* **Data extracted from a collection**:
▶
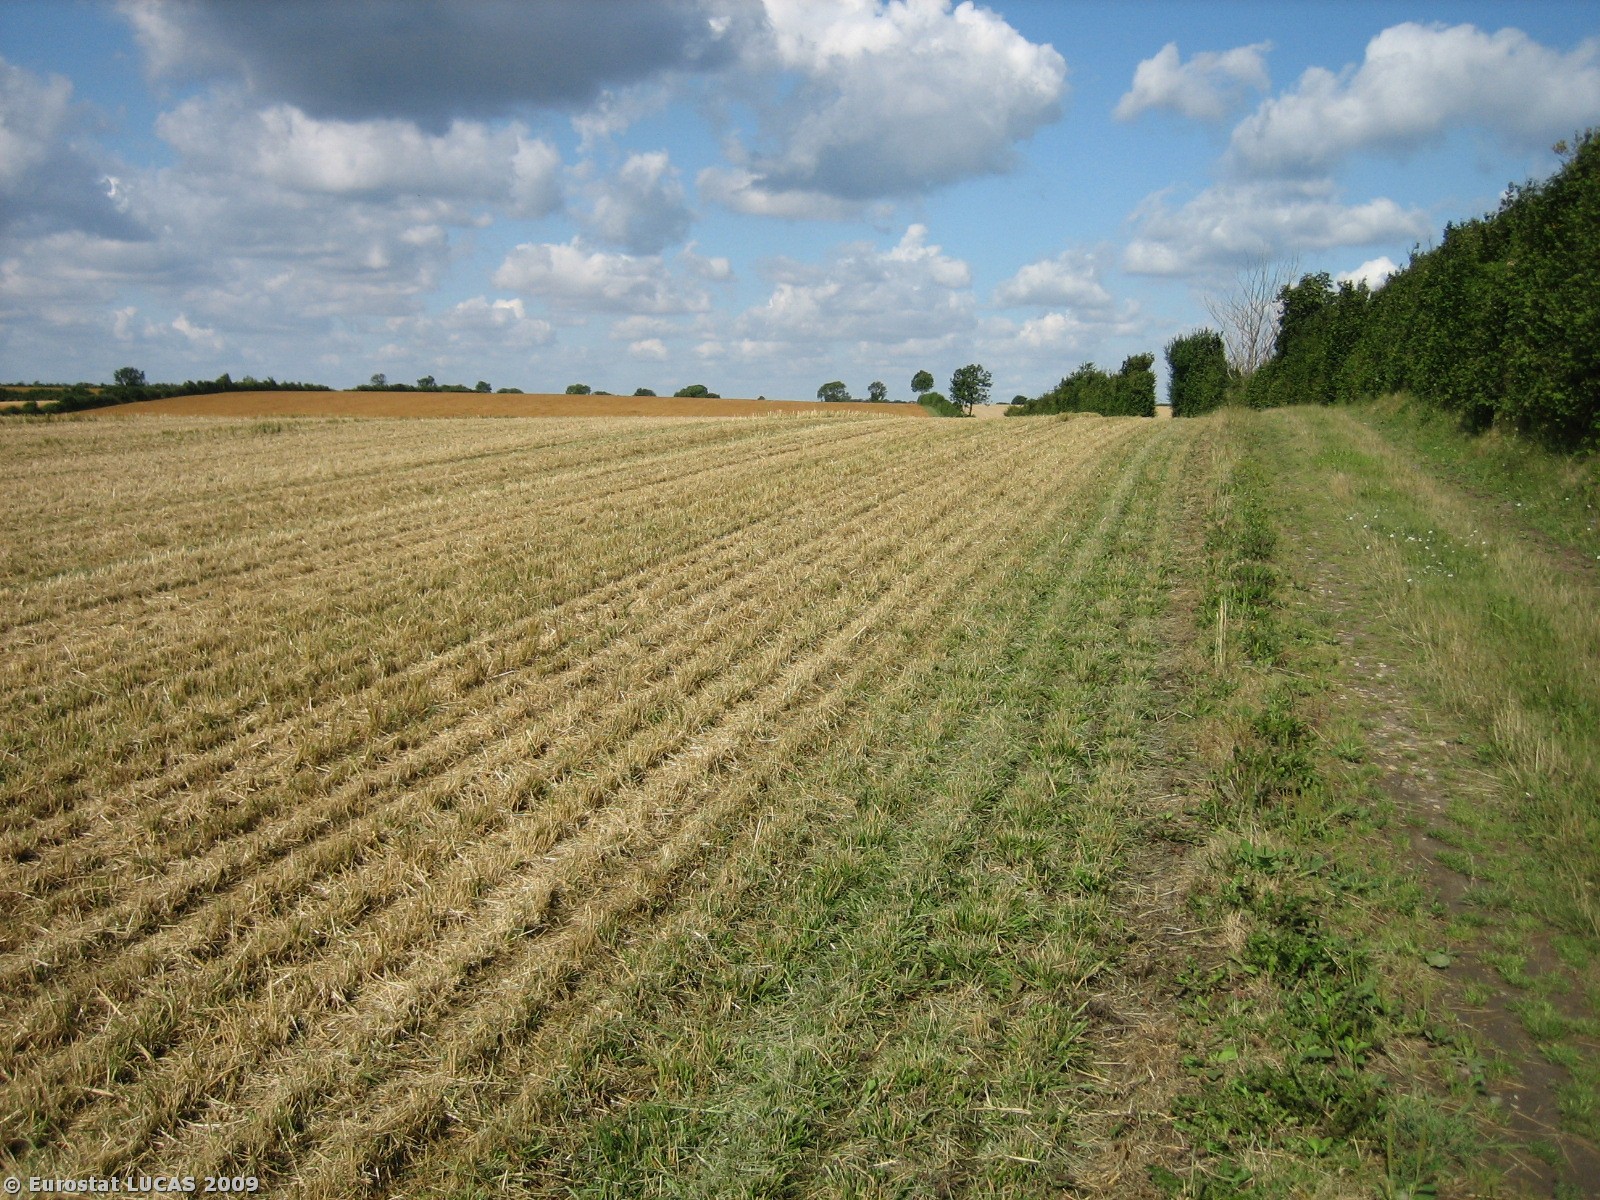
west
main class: Cropland
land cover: Temporary grasslands
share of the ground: > 75 %
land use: Agriculture (excluding fallow land and kitchen gardens)
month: July
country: DK
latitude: 55.3608
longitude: 9.8582
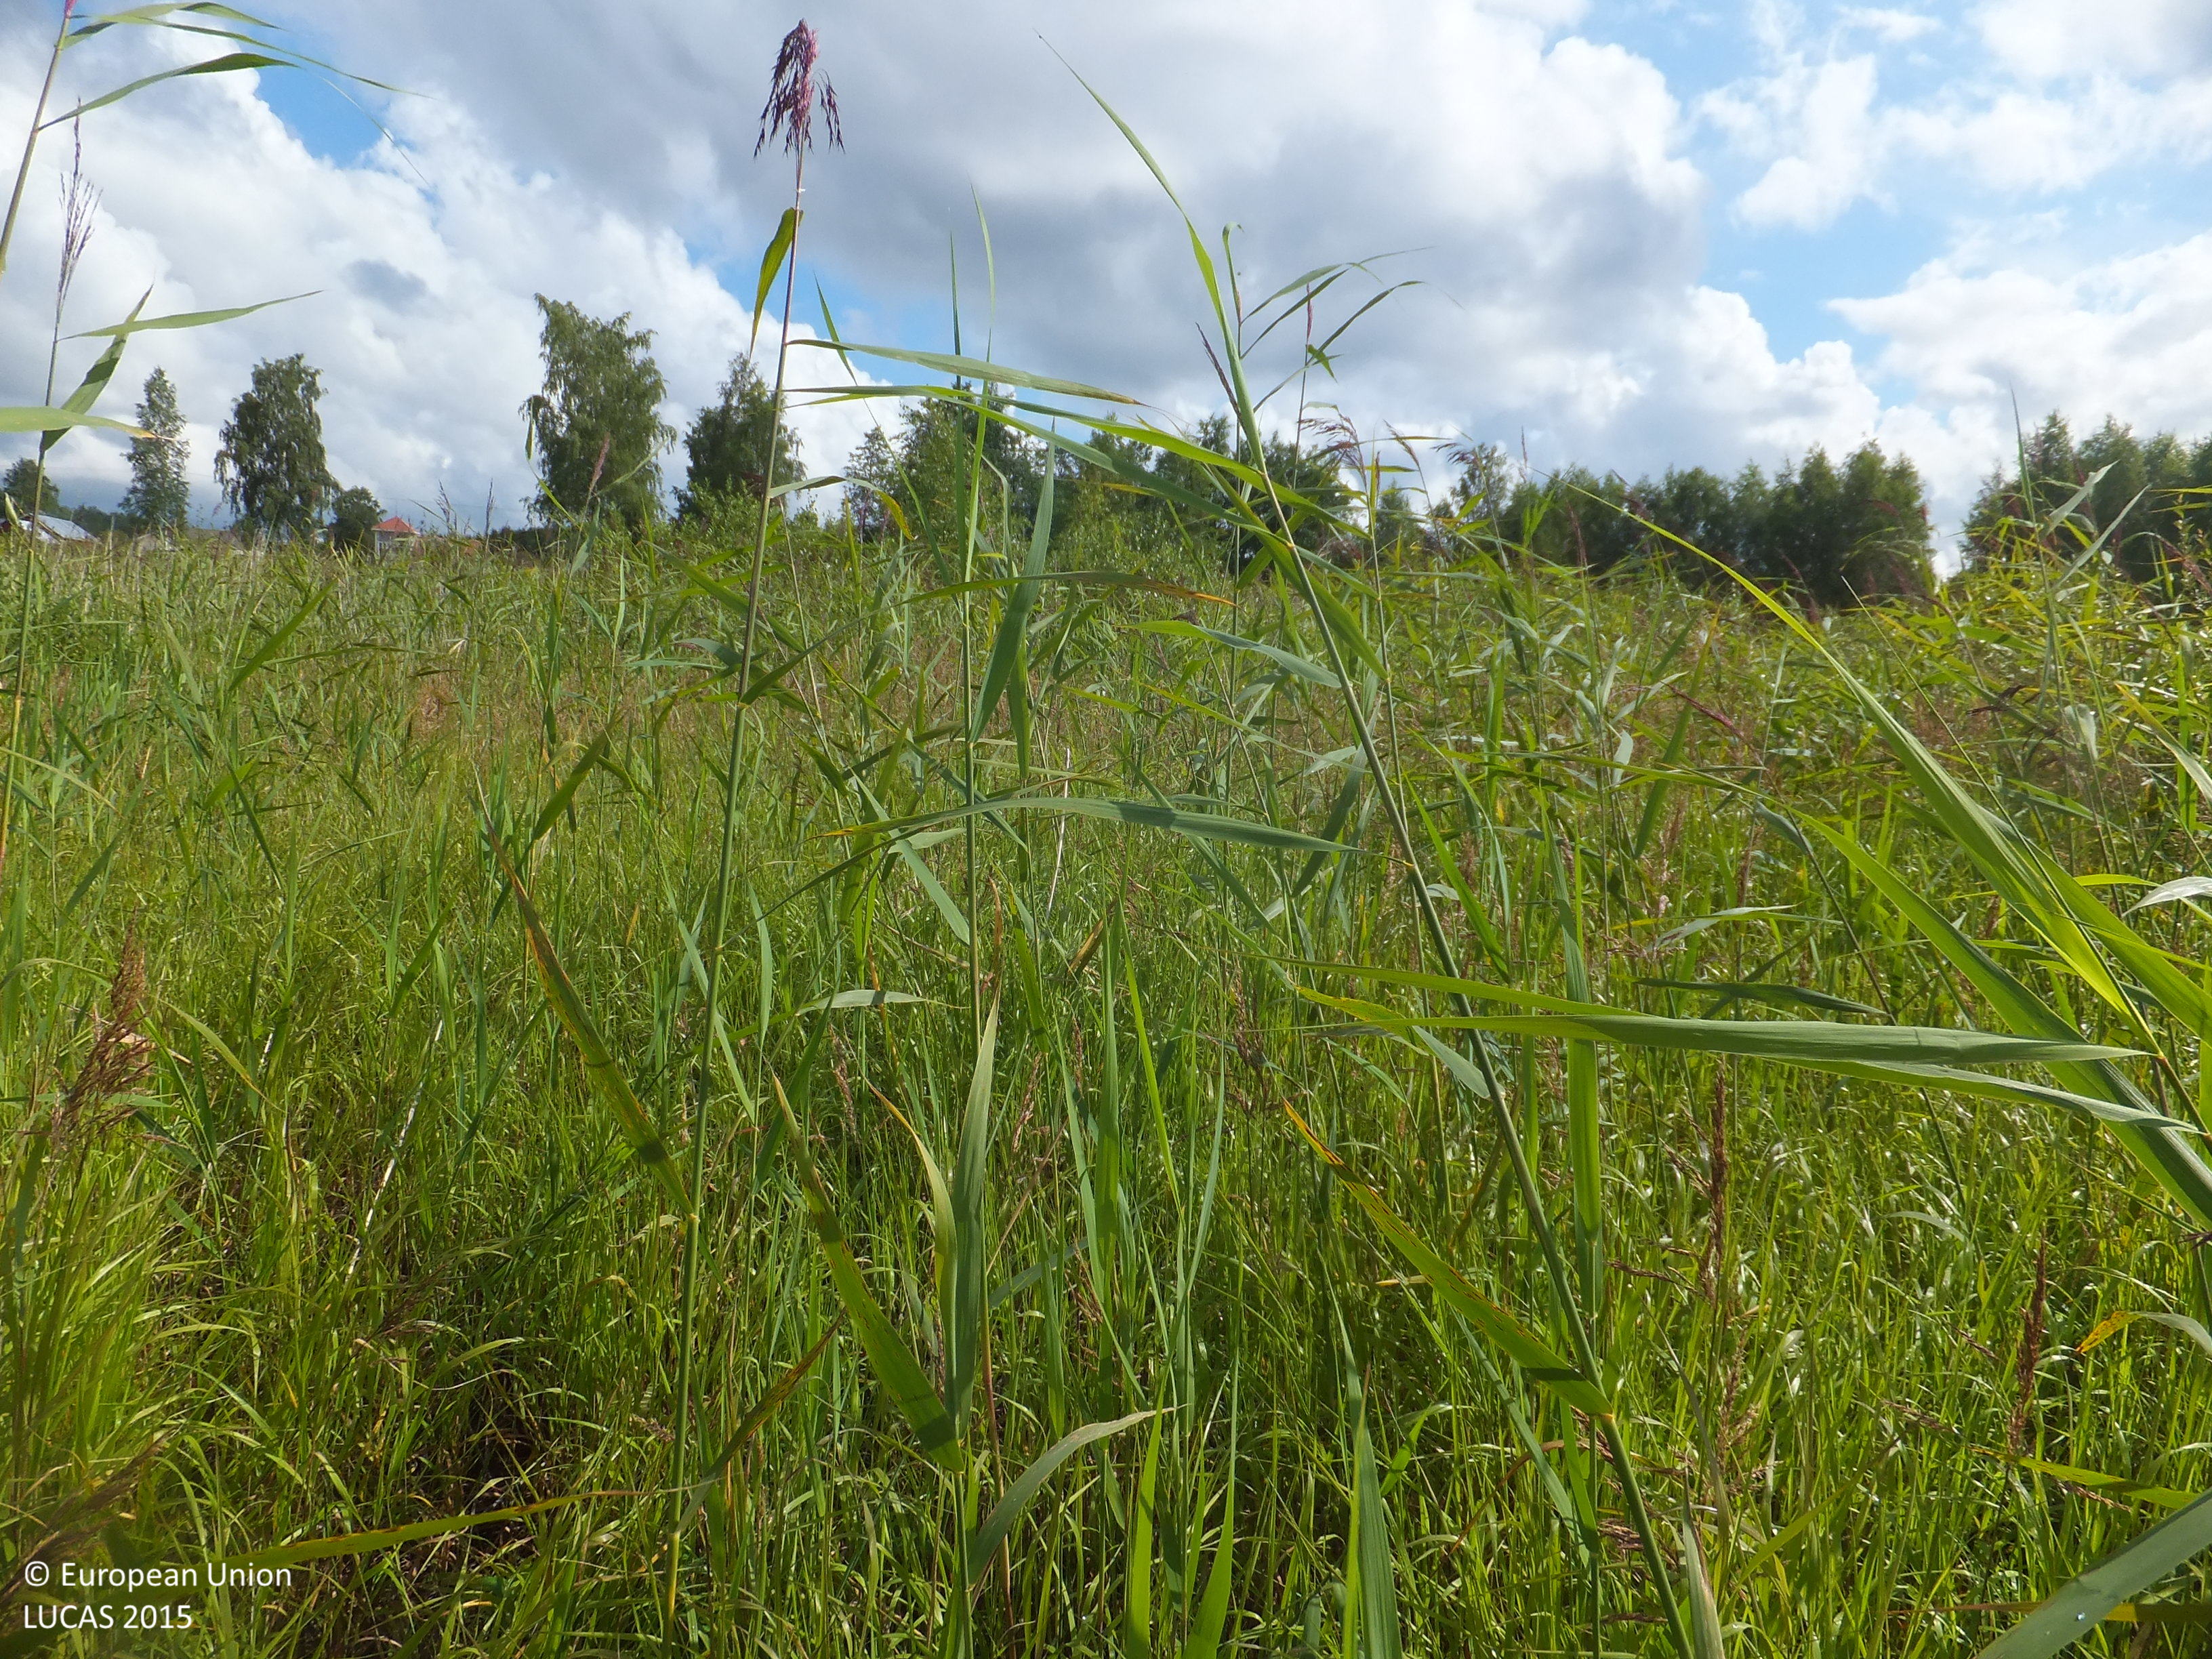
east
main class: Grassland
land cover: Grassland without tree/shrub cover
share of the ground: > 75 %
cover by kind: herbaceous plants 100 %
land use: Semi-natural and natural areas not in use
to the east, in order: Grassland without tree/shrub cover; Shrubland without tree cover; Grassland without tree/shrub cover; Grassland with sparse tree/shrub cover; Broadleaved woodland; Grassland with sparse tree/shrub cover; Electric lines; Grassland with sparse tree/shrub cover; Grassland without tree/shrub cover; Ditches and canals; Grassland without tree/shrub cover; Artificial constructions in urban areas
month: July
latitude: 63.2243
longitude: 22.0414
◀
* **EXERCISE DETAILS**:
With the pictures left out, give again exactly the lines from the one with "latitude: 55.3608" through the end of the data, both included.

* **RESPONSE**:
latitude: 55.3608
longitude: 9.8582
east
main class: Grassland
land cover: Grassland without tree/shrub cover
share of the ground: > 75 %
cover by kind: herbaceous plants 100 %
land use: Semi-natural and natural areas not in use
to the east, in order: Grassland without tree/shrub cover; Shrubland without tree cover; Grassland without tree/shrub cover; Grassland with sparse tree/shrub cover; Broadleaved woodland; Grassland with sparse tree/shrub cover; Electric lines; Grassland with sparse tree/shrub cover; Grassland without tree/shrub cover; Ditches and canals; Grassland without tree/shrub cover; Artificial constructions in urban areas
month: July
latitude: 63.2243
longitude: 22.0414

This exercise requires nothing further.